(Collected data)
+++
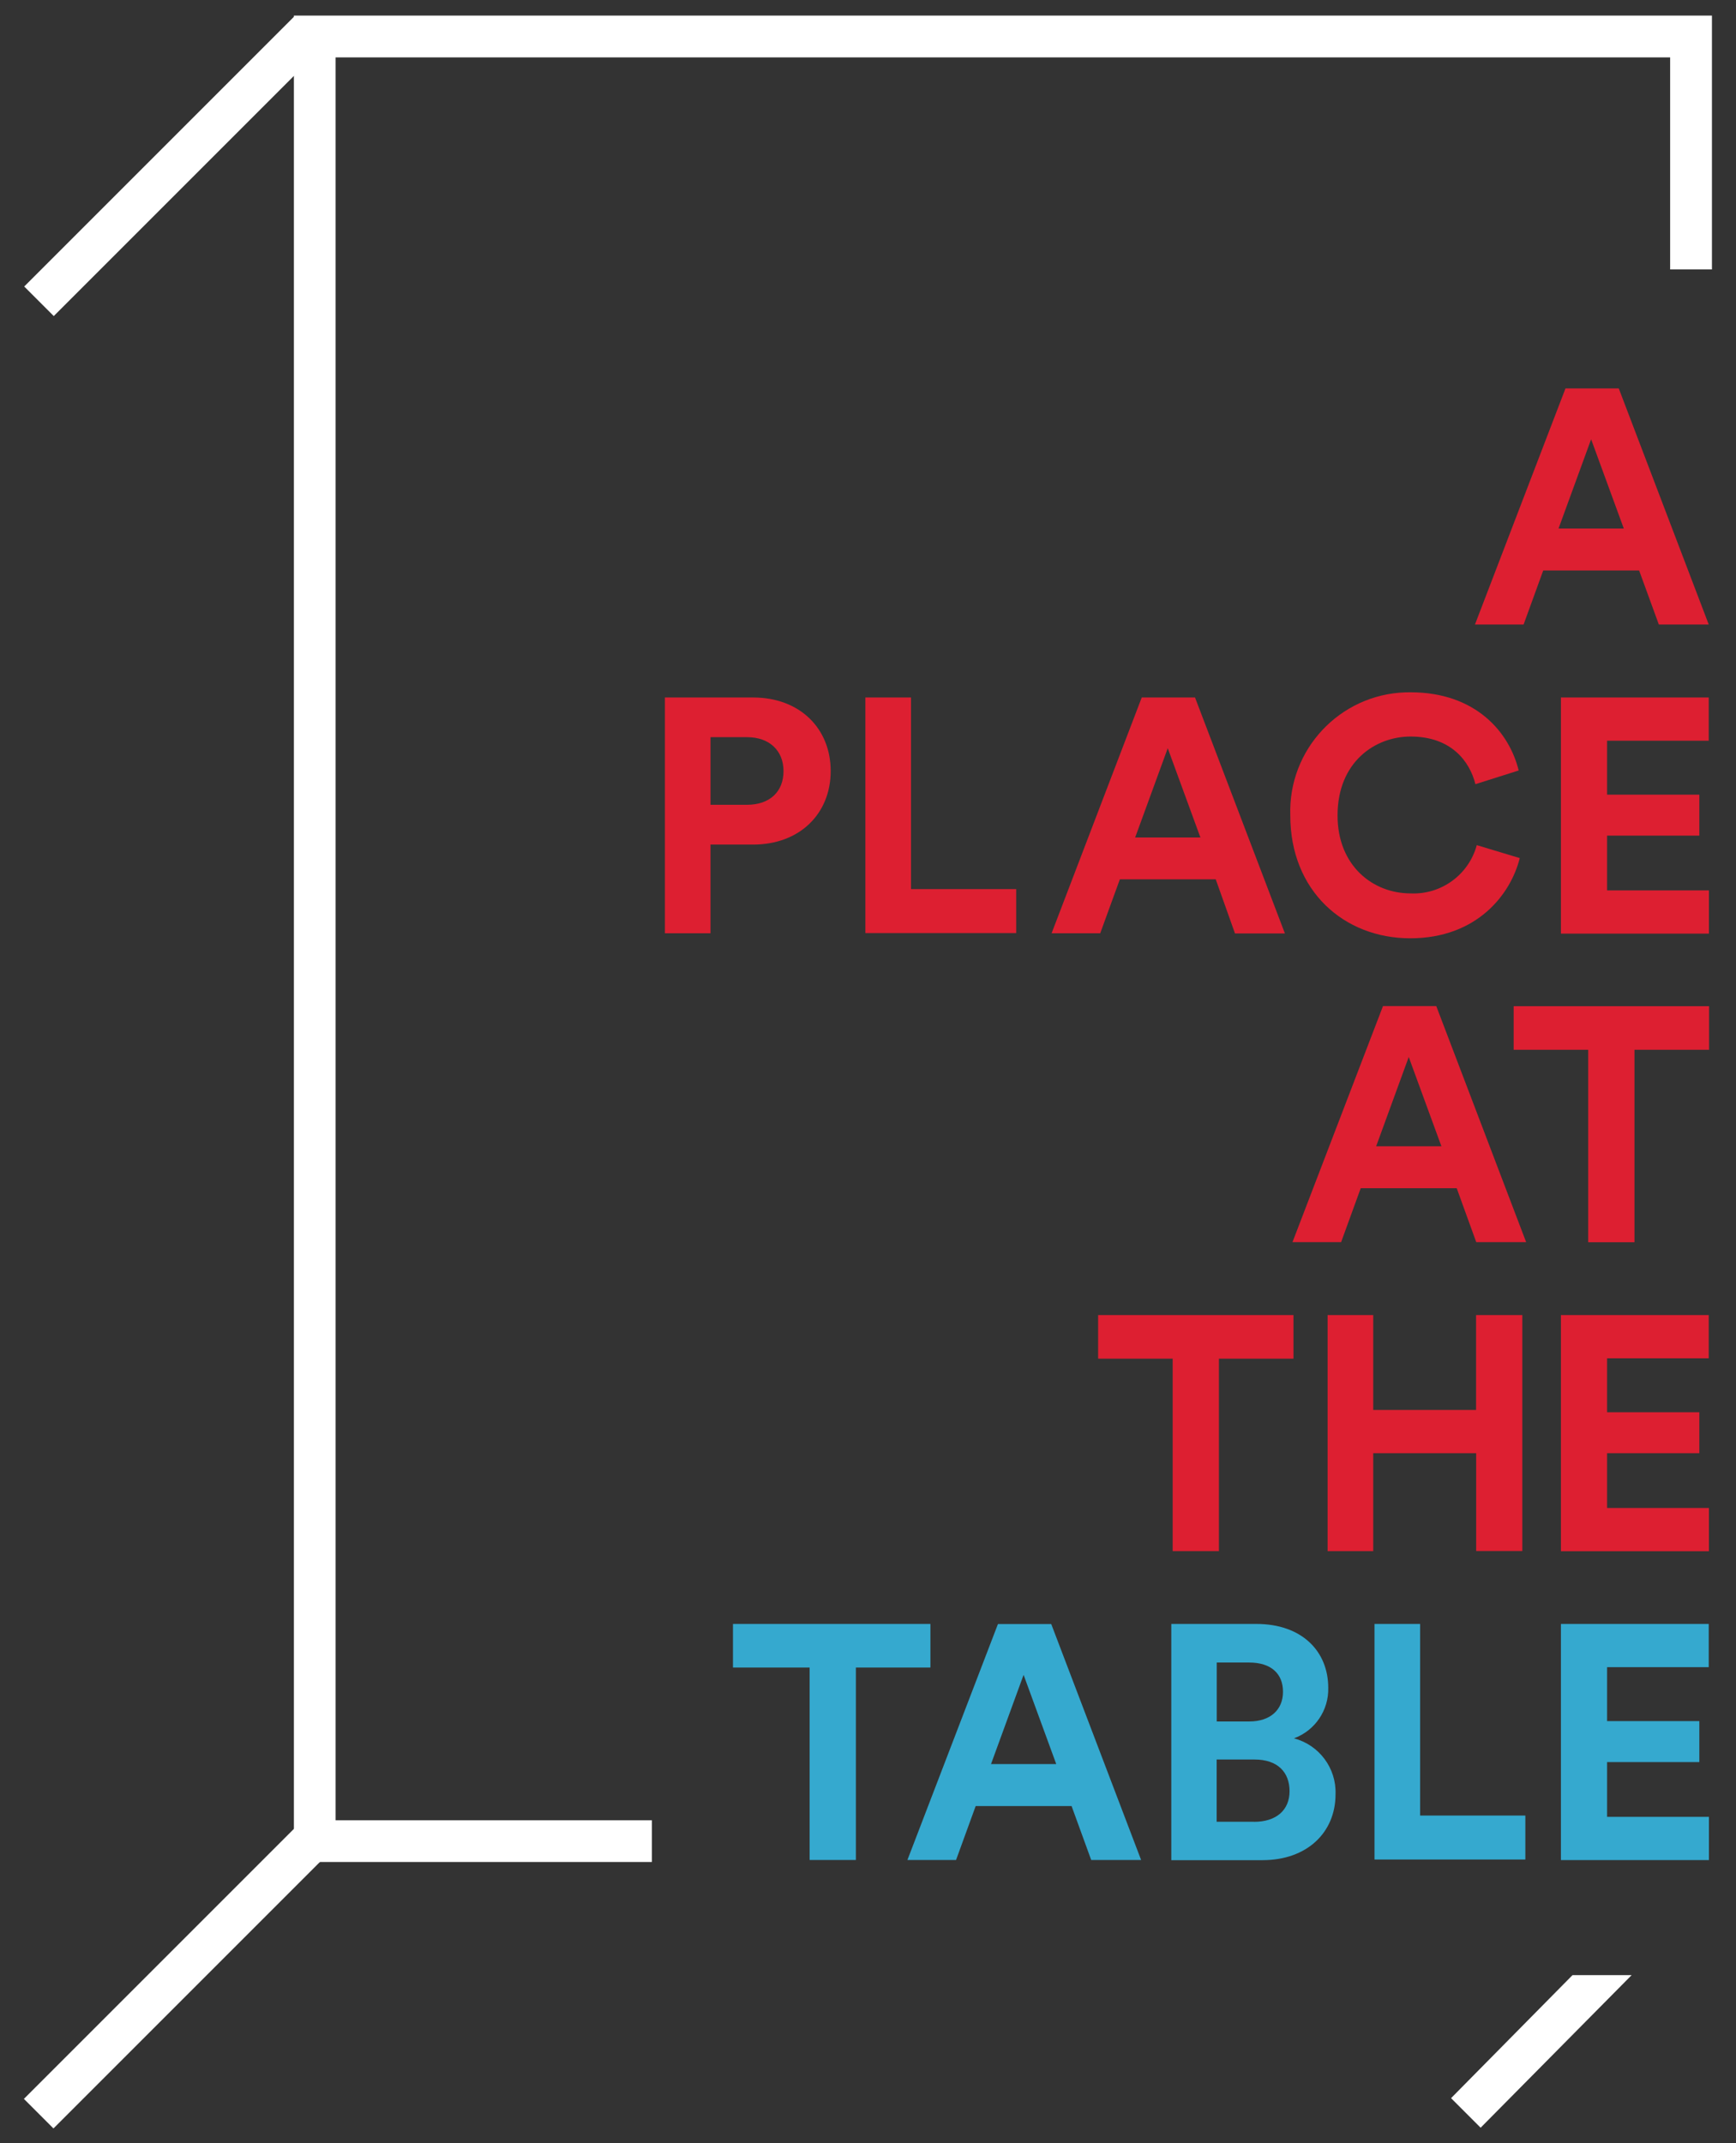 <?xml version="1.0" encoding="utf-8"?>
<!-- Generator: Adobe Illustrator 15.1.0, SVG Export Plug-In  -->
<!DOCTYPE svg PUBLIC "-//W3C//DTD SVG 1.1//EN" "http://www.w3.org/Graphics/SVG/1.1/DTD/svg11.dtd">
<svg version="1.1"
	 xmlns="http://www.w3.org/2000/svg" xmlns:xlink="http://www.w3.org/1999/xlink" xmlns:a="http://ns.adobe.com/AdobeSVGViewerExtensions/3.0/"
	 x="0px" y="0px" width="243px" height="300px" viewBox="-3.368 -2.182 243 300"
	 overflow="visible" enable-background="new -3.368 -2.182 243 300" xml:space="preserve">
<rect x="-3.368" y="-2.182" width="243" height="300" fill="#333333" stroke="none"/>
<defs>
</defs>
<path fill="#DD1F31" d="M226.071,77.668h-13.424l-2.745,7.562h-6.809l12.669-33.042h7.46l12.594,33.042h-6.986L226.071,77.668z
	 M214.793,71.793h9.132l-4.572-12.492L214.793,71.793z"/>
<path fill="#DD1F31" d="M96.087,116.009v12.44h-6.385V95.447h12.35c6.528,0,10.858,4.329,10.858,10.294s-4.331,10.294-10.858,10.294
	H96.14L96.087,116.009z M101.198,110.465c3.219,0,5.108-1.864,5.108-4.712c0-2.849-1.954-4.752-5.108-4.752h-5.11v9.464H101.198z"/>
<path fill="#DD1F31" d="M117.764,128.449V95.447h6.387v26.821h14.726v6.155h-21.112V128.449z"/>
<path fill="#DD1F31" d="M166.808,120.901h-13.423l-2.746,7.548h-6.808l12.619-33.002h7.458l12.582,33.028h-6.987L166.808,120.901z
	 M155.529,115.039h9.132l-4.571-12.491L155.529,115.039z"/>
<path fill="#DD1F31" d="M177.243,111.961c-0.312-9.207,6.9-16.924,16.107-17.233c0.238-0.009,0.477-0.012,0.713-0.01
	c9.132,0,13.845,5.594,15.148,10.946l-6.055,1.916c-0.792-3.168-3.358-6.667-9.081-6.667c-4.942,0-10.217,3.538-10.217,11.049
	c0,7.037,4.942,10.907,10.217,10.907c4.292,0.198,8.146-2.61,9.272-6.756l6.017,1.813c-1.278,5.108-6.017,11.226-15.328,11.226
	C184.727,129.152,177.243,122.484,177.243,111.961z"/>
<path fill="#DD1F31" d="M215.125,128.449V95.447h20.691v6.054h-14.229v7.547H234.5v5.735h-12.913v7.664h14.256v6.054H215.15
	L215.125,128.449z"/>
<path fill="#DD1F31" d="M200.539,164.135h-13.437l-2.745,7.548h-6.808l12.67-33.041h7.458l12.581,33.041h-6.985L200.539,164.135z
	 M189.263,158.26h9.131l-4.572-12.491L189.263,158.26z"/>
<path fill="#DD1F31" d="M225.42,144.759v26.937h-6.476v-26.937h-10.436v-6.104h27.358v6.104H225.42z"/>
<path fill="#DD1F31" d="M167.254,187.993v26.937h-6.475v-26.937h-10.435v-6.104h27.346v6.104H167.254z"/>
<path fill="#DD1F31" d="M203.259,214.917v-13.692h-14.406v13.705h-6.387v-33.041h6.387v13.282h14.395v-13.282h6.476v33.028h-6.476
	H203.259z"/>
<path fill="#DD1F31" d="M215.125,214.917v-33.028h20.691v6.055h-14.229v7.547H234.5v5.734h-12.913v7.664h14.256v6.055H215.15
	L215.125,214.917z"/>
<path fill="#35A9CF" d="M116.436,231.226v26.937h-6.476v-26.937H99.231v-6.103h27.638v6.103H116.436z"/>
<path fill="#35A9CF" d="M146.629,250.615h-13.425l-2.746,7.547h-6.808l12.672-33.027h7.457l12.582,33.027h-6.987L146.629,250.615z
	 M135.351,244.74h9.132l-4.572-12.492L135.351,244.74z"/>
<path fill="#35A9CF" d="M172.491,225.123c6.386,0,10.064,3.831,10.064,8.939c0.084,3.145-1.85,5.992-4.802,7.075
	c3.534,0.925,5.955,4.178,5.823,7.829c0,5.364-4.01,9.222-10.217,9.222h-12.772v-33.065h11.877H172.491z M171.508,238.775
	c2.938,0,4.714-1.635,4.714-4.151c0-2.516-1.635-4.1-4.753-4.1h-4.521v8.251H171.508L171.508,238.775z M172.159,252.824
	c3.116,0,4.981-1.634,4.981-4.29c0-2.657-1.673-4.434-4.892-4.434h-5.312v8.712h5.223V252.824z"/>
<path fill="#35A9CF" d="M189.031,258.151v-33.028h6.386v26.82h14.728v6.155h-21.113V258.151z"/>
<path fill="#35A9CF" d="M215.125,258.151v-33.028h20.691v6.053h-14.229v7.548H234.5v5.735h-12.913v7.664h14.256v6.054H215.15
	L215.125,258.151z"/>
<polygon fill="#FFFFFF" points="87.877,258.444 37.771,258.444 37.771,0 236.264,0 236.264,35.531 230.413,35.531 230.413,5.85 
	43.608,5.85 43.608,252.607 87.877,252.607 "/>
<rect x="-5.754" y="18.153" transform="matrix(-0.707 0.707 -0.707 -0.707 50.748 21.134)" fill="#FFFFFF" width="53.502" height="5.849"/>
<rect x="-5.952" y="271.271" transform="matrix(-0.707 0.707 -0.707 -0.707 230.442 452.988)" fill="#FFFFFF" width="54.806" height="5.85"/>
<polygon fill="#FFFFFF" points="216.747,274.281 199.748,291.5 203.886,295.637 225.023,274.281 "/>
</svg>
+++
* **What you will do**
Your answer should be one number, the count of lines above that hold "points".

* **Response to this exercise**
2